EXERCISE BRIEF: A faithful copy of the data, pictures omitted, is the required answer.
* * * *
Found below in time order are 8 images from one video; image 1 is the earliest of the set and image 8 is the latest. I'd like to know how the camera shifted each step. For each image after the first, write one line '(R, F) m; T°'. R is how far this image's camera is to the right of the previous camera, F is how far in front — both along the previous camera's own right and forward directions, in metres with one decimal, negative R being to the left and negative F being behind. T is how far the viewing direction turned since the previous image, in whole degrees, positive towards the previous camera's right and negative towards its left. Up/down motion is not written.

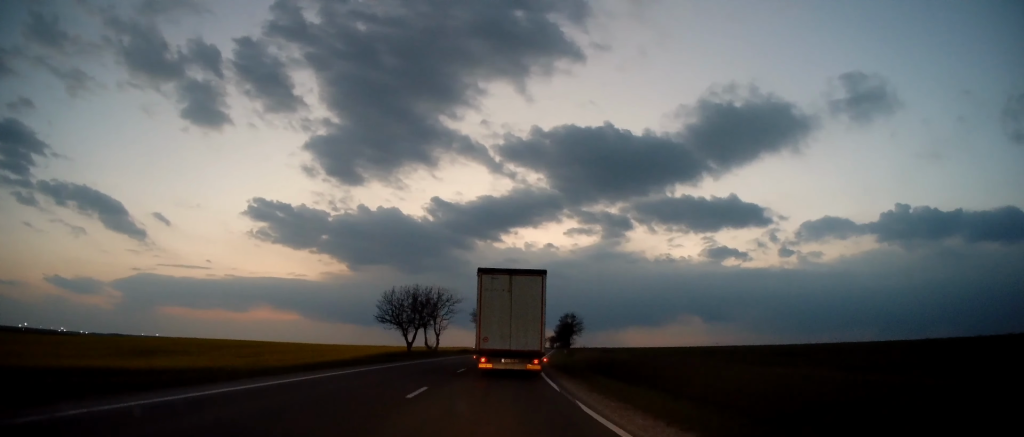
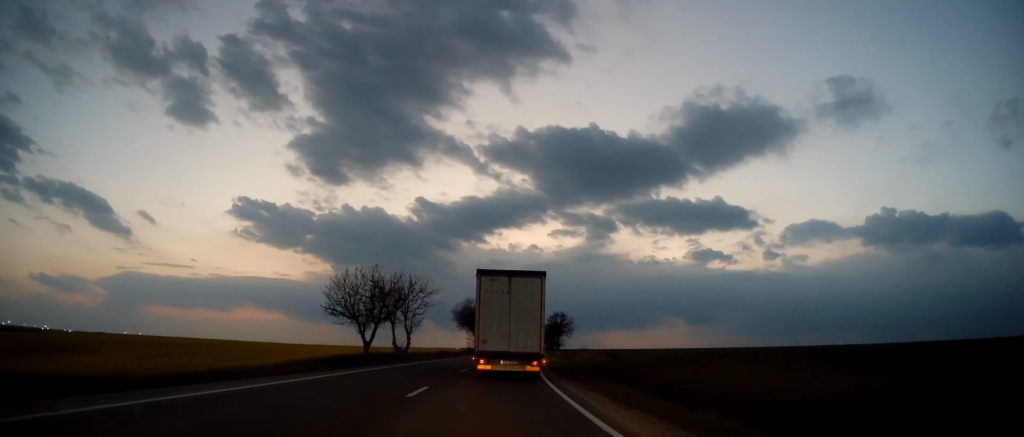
(+0.3, +11.2) m; +1°
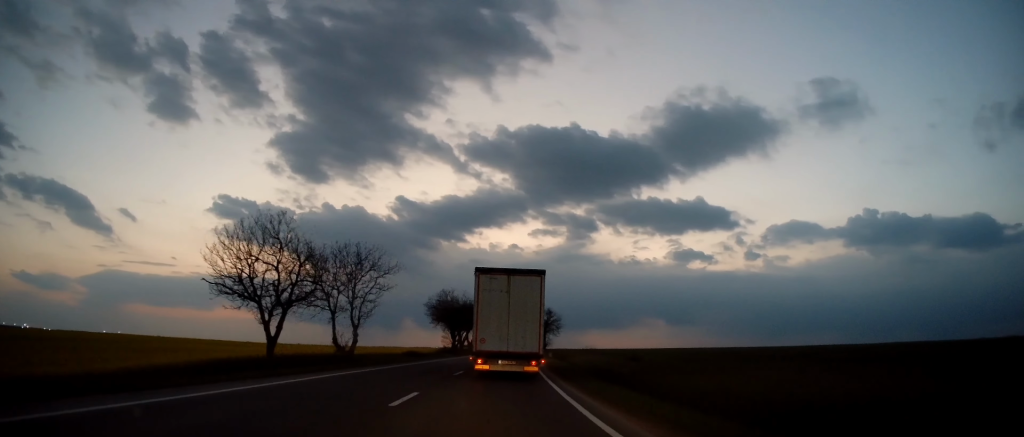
(+0.3, +13.5) m; +2°
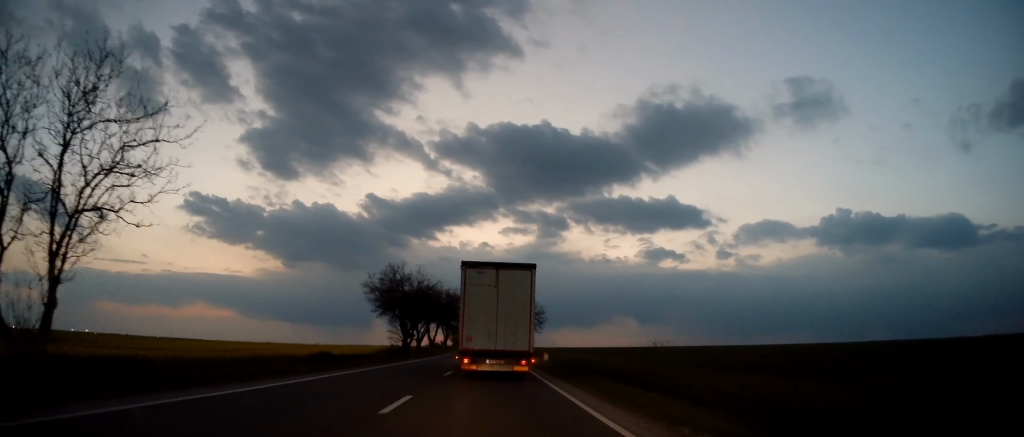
(+0.2, +24.2) m; +2°
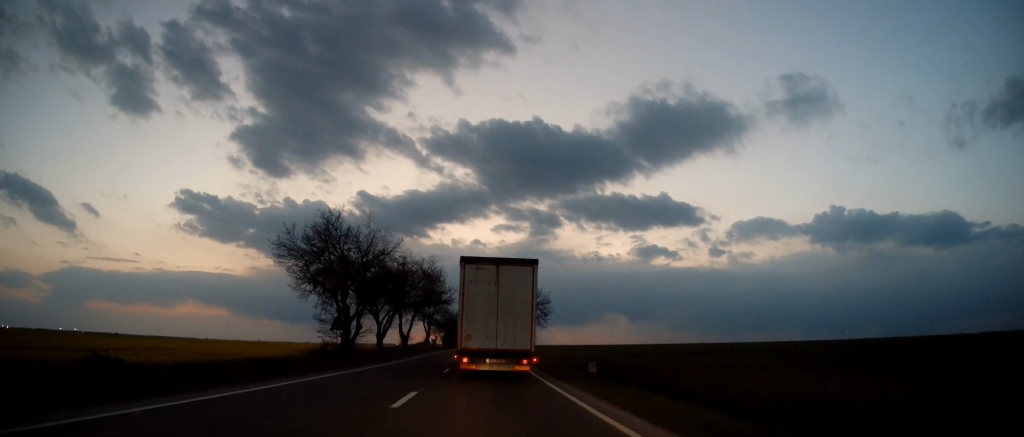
(+0.5, +22.8) m; +3°
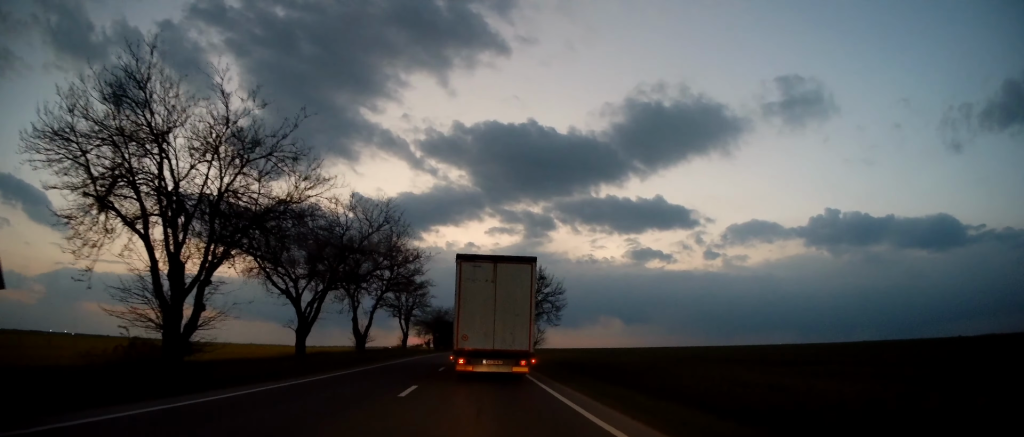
(+0.6, +21.4) m; +2°
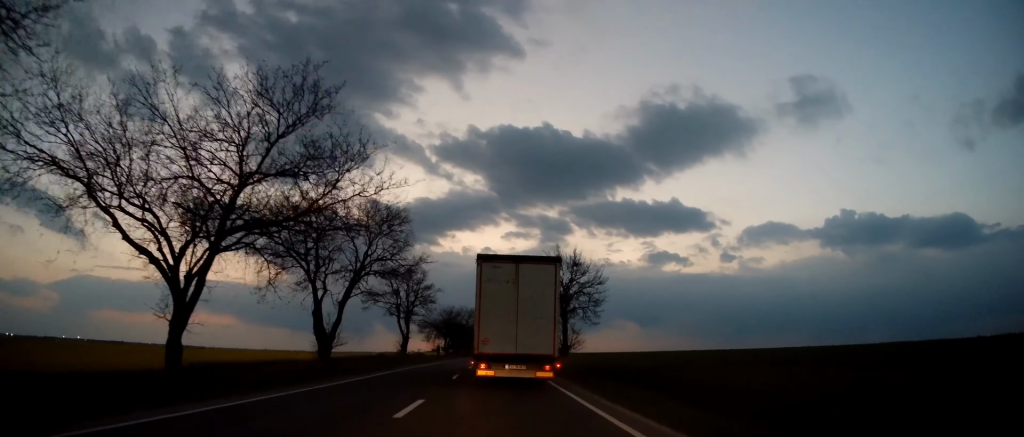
(0.0, +14.6) m; 0°
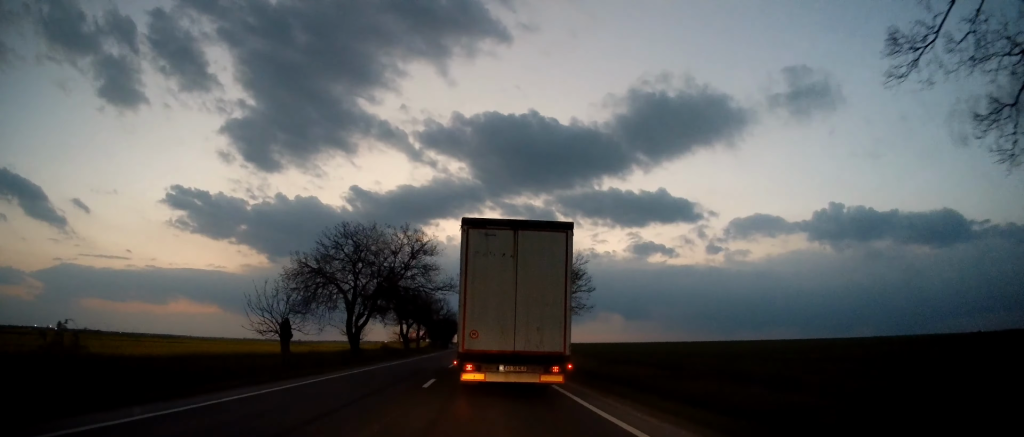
(-0.1, +65.5) m; 0°
* * * *
FINAL ANSWER:
Found below in time order are 8 images from one video; image 1 is the earliest of the set and image 8 is the latest. I'd like to know how the camera shifted each step. For each image after the first, write one line '(R, F) m; T°'. R is how far this image's camera is to the right of the previous camera, F is how far in front — both along the previous camera's own right and forward directions, in metres with one decimal, negative R being to the left and negative F being behind. T is how far the viewing direction turned since the previous image, in whole degrees, positive towards the previous camera's right and negative towards its left. Up/down motion is not written.

(+0.3, +11.2) m; +1°
(+0.3, +13.5) m; +2°
(+0.2, +24.2) m; +2°
(+0.5, +22.8) m; +3°
(+0.6, +21.4) m; +2°
(0.0, +14.6) m; 0°
(-0.1, +65.5) m; 0°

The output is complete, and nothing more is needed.